Exercise description » Output all of the data verbatim.

Data records »

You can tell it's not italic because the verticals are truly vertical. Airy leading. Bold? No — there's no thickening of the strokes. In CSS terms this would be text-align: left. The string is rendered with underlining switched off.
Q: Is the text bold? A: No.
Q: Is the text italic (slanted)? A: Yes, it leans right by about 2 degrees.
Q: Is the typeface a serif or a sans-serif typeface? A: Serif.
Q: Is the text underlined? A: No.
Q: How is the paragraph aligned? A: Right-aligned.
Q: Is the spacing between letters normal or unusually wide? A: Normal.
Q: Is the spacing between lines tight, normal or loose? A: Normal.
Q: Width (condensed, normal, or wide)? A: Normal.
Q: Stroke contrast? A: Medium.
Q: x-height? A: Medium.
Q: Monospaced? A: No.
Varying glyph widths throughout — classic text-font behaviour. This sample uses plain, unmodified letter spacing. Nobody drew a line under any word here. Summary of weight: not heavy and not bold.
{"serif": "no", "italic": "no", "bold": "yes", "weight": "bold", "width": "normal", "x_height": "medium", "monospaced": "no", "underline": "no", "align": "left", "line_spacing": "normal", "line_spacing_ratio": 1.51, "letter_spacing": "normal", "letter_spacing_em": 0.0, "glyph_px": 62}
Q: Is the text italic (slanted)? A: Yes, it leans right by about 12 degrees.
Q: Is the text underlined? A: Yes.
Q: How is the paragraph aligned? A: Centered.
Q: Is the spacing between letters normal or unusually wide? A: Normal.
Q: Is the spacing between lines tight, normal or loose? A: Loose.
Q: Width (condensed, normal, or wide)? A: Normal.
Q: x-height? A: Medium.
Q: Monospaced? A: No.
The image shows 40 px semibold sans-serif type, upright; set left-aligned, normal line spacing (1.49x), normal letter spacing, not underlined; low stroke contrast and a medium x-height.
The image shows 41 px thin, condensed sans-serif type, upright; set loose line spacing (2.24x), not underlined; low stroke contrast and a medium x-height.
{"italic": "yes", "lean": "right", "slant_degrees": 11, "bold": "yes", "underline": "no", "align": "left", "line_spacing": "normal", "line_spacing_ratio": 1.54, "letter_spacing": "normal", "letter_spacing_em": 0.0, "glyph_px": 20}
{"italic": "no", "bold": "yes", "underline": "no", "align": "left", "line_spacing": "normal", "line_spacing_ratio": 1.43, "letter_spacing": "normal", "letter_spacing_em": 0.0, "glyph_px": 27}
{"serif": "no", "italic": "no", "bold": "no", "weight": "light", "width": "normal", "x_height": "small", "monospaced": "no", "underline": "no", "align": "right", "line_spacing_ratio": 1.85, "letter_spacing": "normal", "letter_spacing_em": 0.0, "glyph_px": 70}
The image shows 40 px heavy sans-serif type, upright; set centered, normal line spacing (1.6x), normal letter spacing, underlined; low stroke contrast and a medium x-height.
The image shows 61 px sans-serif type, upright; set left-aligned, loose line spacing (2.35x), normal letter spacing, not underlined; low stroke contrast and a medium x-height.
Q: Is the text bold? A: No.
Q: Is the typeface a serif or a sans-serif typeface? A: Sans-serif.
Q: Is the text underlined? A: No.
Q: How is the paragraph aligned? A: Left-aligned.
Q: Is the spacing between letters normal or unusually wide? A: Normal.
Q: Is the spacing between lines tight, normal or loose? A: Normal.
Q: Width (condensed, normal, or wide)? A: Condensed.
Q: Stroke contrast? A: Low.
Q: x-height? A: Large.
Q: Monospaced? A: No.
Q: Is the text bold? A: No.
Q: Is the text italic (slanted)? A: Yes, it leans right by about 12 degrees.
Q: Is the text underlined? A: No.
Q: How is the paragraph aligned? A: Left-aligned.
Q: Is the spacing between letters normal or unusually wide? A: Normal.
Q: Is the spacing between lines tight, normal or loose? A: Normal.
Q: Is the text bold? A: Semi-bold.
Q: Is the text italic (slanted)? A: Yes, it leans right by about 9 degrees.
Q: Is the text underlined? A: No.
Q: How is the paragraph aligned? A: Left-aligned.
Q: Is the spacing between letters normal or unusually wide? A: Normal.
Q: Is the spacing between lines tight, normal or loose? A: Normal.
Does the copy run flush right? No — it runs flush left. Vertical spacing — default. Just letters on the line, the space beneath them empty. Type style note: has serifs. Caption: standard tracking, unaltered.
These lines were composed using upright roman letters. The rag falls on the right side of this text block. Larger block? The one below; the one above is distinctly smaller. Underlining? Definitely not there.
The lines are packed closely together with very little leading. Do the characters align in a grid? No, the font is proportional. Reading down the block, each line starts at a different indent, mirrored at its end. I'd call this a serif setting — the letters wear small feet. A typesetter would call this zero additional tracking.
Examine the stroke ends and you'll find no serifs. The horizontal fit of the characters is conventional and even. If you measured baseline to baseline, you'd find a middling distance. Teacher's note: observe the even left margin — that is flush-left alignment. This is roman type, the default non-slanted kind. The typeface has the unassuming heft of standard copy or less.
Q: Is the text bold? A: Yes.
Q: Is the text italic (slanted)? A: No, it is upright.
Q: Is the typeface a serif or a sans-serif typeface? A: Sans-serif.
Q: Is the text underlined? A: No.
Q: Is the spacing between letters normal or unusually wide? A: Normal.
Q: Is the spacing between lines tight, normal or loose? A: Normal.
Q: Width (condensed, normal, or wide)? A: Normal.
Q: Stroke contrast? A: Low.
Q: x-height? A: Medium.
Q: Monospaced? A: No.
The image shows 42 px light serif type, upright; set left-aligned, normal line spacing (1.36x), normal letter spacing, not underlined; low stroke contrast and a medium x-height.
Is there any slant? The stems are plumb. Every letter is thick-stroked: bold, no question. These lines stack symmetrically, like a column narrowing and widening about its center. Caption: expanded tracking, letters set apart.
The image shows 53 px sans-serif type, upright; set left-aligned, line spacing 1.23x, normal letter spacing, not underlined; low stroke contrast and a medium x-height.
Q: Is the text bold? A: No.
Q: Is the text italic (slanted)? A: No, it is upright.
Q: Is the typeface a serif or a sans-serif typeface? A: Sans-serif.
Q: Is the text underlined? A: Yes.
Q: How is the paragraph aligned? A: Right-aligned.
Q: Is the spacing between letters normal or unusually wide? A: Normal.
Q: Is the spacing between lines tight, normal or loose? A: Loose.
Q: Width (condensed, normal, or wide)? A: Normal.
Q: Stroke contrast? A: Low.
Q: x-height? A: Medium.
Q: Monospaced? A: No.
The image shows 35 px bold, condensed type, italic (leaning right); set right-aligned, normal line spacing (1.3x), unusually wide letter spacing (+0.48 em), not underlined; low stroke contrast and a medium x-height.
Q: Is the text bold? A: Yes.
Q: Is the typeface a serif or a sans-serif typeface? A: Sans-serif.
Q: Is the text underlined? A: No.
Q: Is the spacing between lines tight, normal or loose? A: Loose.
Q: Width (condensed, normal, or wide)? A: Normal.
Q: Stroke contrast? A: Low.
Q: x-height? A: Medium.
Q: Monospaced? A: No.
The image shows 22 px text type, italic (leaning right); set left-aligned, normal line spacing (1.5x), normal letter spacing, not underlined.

Reply »
You can tell it's not italic because the verticals are truly vertical. Airy leading. Bold? No — there's no thickening of the strokes. In CSS terms this would be text-align: left. The string is rendered with underlining switched off.
Q: Is the text bold? A: No.
Q: Is the text italic (slanted)? A: Yes, it leans right by about 2 degrees.
Q: Is the typeface a serif or a sans-serif typeface? A: Serif.
Q: Is the text underlined? A: No.
Q: How is the paragraph aligned? A: Right-aligned.
Q: Is the spacing between letters normal or unusually wide? A: Normal.
Q: Is the spacing between lines tight, normal or loose? A: Normal.
Q: Width (condensed, normal, or wide)? A: Normal.
Q: Stroke contrast? A: Medium.
Q: x-height? A: Medium.
Q: Monospaced? A: No.
Varying glyph widths throughout — classic text-font behaviour. This sample uses plain, unmodified letter spacing. Nobody drew a line under any word here. Summary of weight: not heavy and not bold.
{"serif": "no", "italic": "no", "bold": "yes", "weight": "bold", "width": "normal", "x_height": "medium", "monospaced": "no", "underline": "no", "align": "left", "line_spacing": "normal", "line_spacing_ratio": 1.51, "letter_spacing": "normal", "letter_spacing_em": 0.0, "glyph_px": 62}
Q: Is the text italic (slanted)? A: Yes, it leans right by about 12 degrees.
Q: Is the text underlined? A: Yes.
Q: How is the paragraph aligned? A: Centered.
Q: Is the spacing between letters normal or unusually wide? A: Normal.
Q: Is the spacing between lines tight, normal or loose? A: Loose.
Q: Width (condensed, normal, or wide)? A: Normal.
Q: x-height? A: Medium.
Q: Monospaced? A: No.
The image shows 40 px semibold sans-serif type, upright; set left-aligned, normal line spacing (1.49x), normal letter spacing, not underlined; low stroke contrast and a medium x-height.
The image shows 41 px thin, condensed sans-serif type, upright; set loose line spacing (2.24x), not underlined; low stroke contrast and a medium x-height.
{"italic": "yes", "lean": "right", "slant_degrees": 11, "bold": "yes", "underline": "no", "align": "left", "line_spacing": "normal", "line_spacing_ratio": 1.54, "letter_spacing": "normal", "letter_spacing_em": 0.0, "glyph_px": 20}
{"italic": "no", "bold": "yes", "underline": "no", "align": "left", "line_spacing": "normal", "line_spacing_ratio": 1.43, "letter_spacing": "normal", "letter_spacing_em": 0.0, "glyph_px": 27}
{"serif": "no", "italic": "no", "bold": "no", "weight": "light", "width": "normal", "x_height": "small", "monospaced": "no", "underline": "no", "align": "right", "line_spacing_ratio": 1.85, "letter_spacing": "normal", "letter_spacing_em": 0.0, "glyph_px": 70}
The image shows 40 px heavy sans-serif type, upright; set centered, normal line spacing (1.6x), normal letter spacing, underlined; low stroke contrast and a medium x-height.
The image shows 61 px sans-serif type, upright; set left-aligned, loose line spacing (2.35x), normal letter spacing, not underlined; low stroke contrast and a medium x-height.
Q: Is the text bold? A: No.
Q: Is the typeface a serif or a sans-serif typeface? A: Sans-serif.
Q: Is the text underlined? A: No.
Q: How is the paragraph aligned? A: Left-aligned.
Q: Is the spacing between letters normal or unusually wide? A: Normal.
Q: Is the spacing between lines tight, normal or loose? A: Normal.
Q: Width (condensed, normal, or wide)? A: Condensed.
Q: Stroke contrast? A: Low.
Q: x-height? A: Large.
Q: Monospaced? A: No.
Q: Is the text bold? A: No.
Q: Is the text italic (slanted)? A: Yes, it leans right by about 12 degrees.
Q: Is the text underlined? A: No.
Q: How is the paragraph aligned? A: Left-aligned.
Q: Is the spacing between letters normal or unusually wide? A: Normal.
Q: Is the spacing between lines tight, normal or loose? A: Normal.
Q: Is the text bold? A: Semi-bold.
Q: Is the text italic (slanted)? A: Yes, it leans right by about 9 degrees.
Q: Is the text underlined? A: No.
Q: How is the paragraph aligned? A: Left-aligned.
Q: Is the spacing between letters normal or unusually wide? A: Normal.
Q: Is the spacing between lines tight, normal or loose? A: Normal.
Does the copy run flush right? No — it runs flush left. Vertical spacing — default. Just letters on the line, the space beneath them empty. Type style note: has serifs. Caption: standard tracking, unaltered.
These lines were composed using upright roman letters. The rag falls on the right side of this text block. Larger block? The one below; the one above is distinctly smaller. Underlining? Definitely not there.
The lines are packed closely together with very little leading. Do the characters align in a grid? No, the font is proportional. Reading down the block, each line starts at a different indent, mirrored at its end. I'd call this a serif setting — the letters wear small feet. A typesetter would call this zero additional tracking.
Examine the stroke ends and you'll find no serifs. The horizontal fit of the characters is conventional and even. If you measured baseline to baseline, you'd find a middling distance. Teacher's note: observe the even left margin — that is flush-left alignment. This is roman type, the default non-slanted kind. The typeface has the unassuming heft of standard copy or less.
Q: Is the text bold? A: Yes.
Q: Is the text italic (slanted)? A: No, it is upright.
Q: Is the typeface a serif or a sans-serif typeface? A: Sans-serif.
Q: Is the text underlined? A: No.
Q: Is the spacing between letters normal or unusually wide? A: Normal.
Q: Is the spacing between lines tight, normal or loose? A: Normal.
Q: Width (condensed, normal, or wide)? A: Normal.
Q: Stroke contrast? A: Low.
Q: x-height? A: Medium.
Q: Monospaced? A: No.
The image shows 42 px light serif type, upright; set left-aligned, normal line spacing (1.36x), normal letter spacing, not underlined; low stroke contrast and a medium x-height.
Is there any slant? The stems are plumb. Every letter is thick-stroked: bold, no question. These lines stack symmetrically, like a column narrowing and widening about its center. Caption: expanded tracking, letters set apart.
The image shows 53 px sans-serif type, upright; set left-aligned, line spacing 1.23x, normal letter spacing, not underlined; low stroke contrast and a medium x-height.
Q: Is the text bold? A: No.
Q: Is the text italic (slanted)? A: No, it is upright.
Q: Is the typeface a serif or a sans-serif typeface? A: Sans-serif.
Q: Is the text underlined? A: Yes.
Q: How is the paragraph aligned? A: Right-aligned.
Q: Is the spacing between letters normal or unusually wide? A: Normal.
Q: Is the spacing between lines tight, normal or loose? A: Loose.
Q: Width (condensed, normal, or wide)? A: Normal.
Q: Stroke contrast? A: Low.
Q: x-height? A: Medium.
Q: Monospaced? A: No.
The image shows 35 px bold, condensed type, italic (leaning right); set right-aligned, normal line spacing (1.3x), unusually wide letter spacing (+0.48 em), not underlined; low stroke contrast and a medium x-height.
Q: Is the text bold? A: Yes.
Q: Is the typeface a serif or a sans-serif typeface? A: Sans-serif.
Q: Is the text underlined? A: No.
Q: Is the spacing between lines tight, normal or loose? A: Loose.
Q: Width (condensed, normal, or wide)? A: Normal.
Q: Stroke contrast? A: Low.
Q: x-height? A: Medium.
Q: Monospaced? A: No.
The image shows 22 px text type, italic (leaning right); set left-aligned, normal line spacing (1.5x), normal letter spacing, not underlined.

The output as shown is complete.